Serie A, il concetto più ricorrente è costruzione dal basso per rimpolpare le rose. Tra il dire e il fare c’è di mezzo un sistema antiquato.
Serie A, dilemma Nazionale. L’eliminazione dai Mondiali dell’Italia ha portato nuovamente il sistema calcio ad interrogarsi: se l’ultima volta il capro espiatorio era stato soltanto Ventura, ora l’allenatore è stato graziato – in nome di un Europeo vinto – e ci si è cominciati a porre altre domande.
Il gruppo funziona? La risposta è sì, ma è impossibile – o meglio: impensabile – vedere a Coverciano sempre le stesse facce. Questione di riconoscenza: gioca chi vince, ma alla lunga si diventa prevedibili. Un buon Commissario Tecnico deve (anche) saper interpretare i momenti.

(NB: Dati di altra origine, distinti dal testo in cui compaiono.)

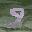
Label: 9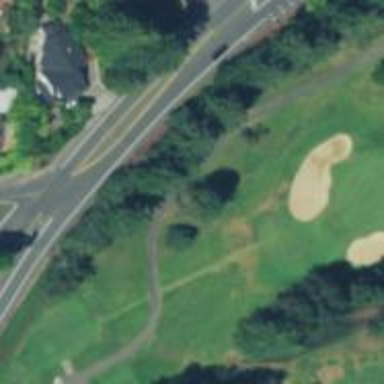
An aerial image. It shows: Service road designated as golf cart path.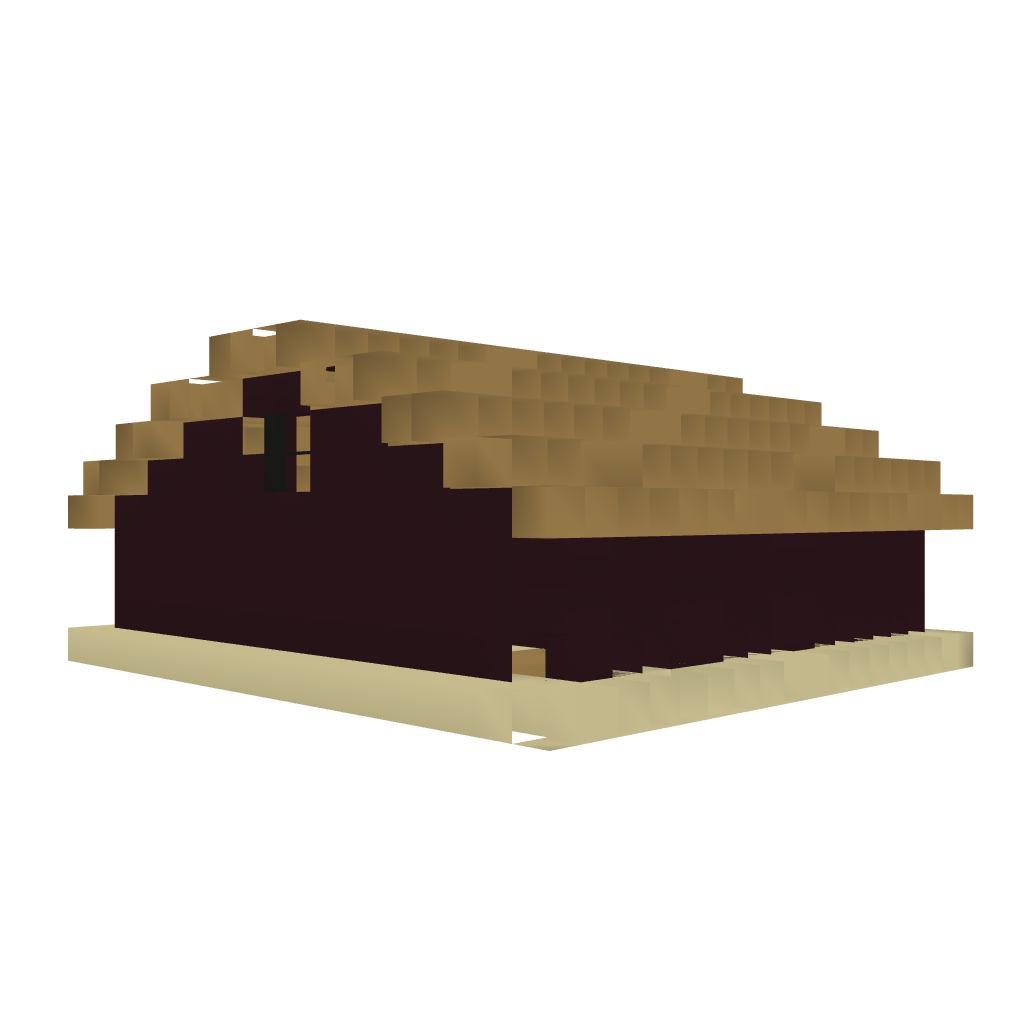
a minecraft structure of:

Vedere quando è bene schierare l’usato sicuro e quando, invece, conviene prendersi qualche rischio.
Anche contro l’Argentina, a Giugno, giocheranno sempre gli stessi che hanno vinto l’Europeo: “Senza di loro non saremmo qui oggi”, ha detto Mancini. Eppure l’Italia è quella che – da Campione d’Europa in carica – non sarà neanche al Mondiale. Per la seconda volta di fila.
Ci sono giocatori, tipo Florenzi, che rischiano di non disputare nemmeno un Campionato del Mondo. O disputarne uno quando sono già in età da ritiro: il Mondiale come premio di consolazione. Questa non può essere una cultura sportiva degna di un Paese che nel 2021 ha vinto tutto il possibile sul piano sportivo: miracolo o progettazione? Il dilemma persiste.
La risposta ai dubbi dovrebbe chiamarsi “costruzione dal basso”: concetto abusato, ma mai compresa effettivamente. Tradotto significa che i settori giovanili dovrebbero fare da raccordo con la prima squadra: il Barcellona, con la propria cantera, insegna. In Italia, forse, c’è la cantina.
Nel senso che, spesso, i giocatori più giovani finiscono nel dimenticatoio. A parte le eccezioni, tipo Zaniolo e Raspadori, ma il merito – stavolta – è di Mancini che li ha convocati in Nazionale sulla fiducia, prima ancora che iniziassero a giocare da titolari in Serie A. Da allora ne è passata di acqua – anche per le lacrime versate – ne è passata sotto i ponti.
Eppure il concetto di giovani applicati al calcio che conta ancora latita: cosa che all’estero, invece, ha preso piede. Mourinho è considerato un visionario per aver messo in campo Felix Afena Gyan, o aver lanciato in Serie A diamanti grezzi come Zawleski e Bove. Bastoni: fino a qualche tempo fa, nell’Inter, era un oggetto misterioso.
Zaniolo, venuto a Roma nell’affare Nainggolan, sembrava destinato ad essere una meteora. Invece si è preso tutto, e se l’è preso bene: al punto da diventare irrinunciabile. Il fattore comune deve essere un costante raccordo fra prima squadra e Primavera, per poi scendere gradino dopo gradino sino ai Pulcini. Le nuove leve, purtroppo, in Italia, vengono ancora viste come ripiego rispetto ai titolari inamovibili: basti pensare che l’Italia è quartultima nell’utilizzo delle seconde linee negli appuntamenti che contano.
Nessuno rischia più, a parte le coronarie quando arrivano le brutte notizie dal campo: poca pazienza, massima pretesa. Binomio folle che indebolirà inesorabilmente l’intero movimento. C’è chi prova a opporsi a questa tendenza, con qualche risultato. Quando vedremo un allenatore di prima squadra prendere visione adeguatamente del percorso giovanile, allora vorrà dire che per questo calcio – forse – non è ancora tutto perduto.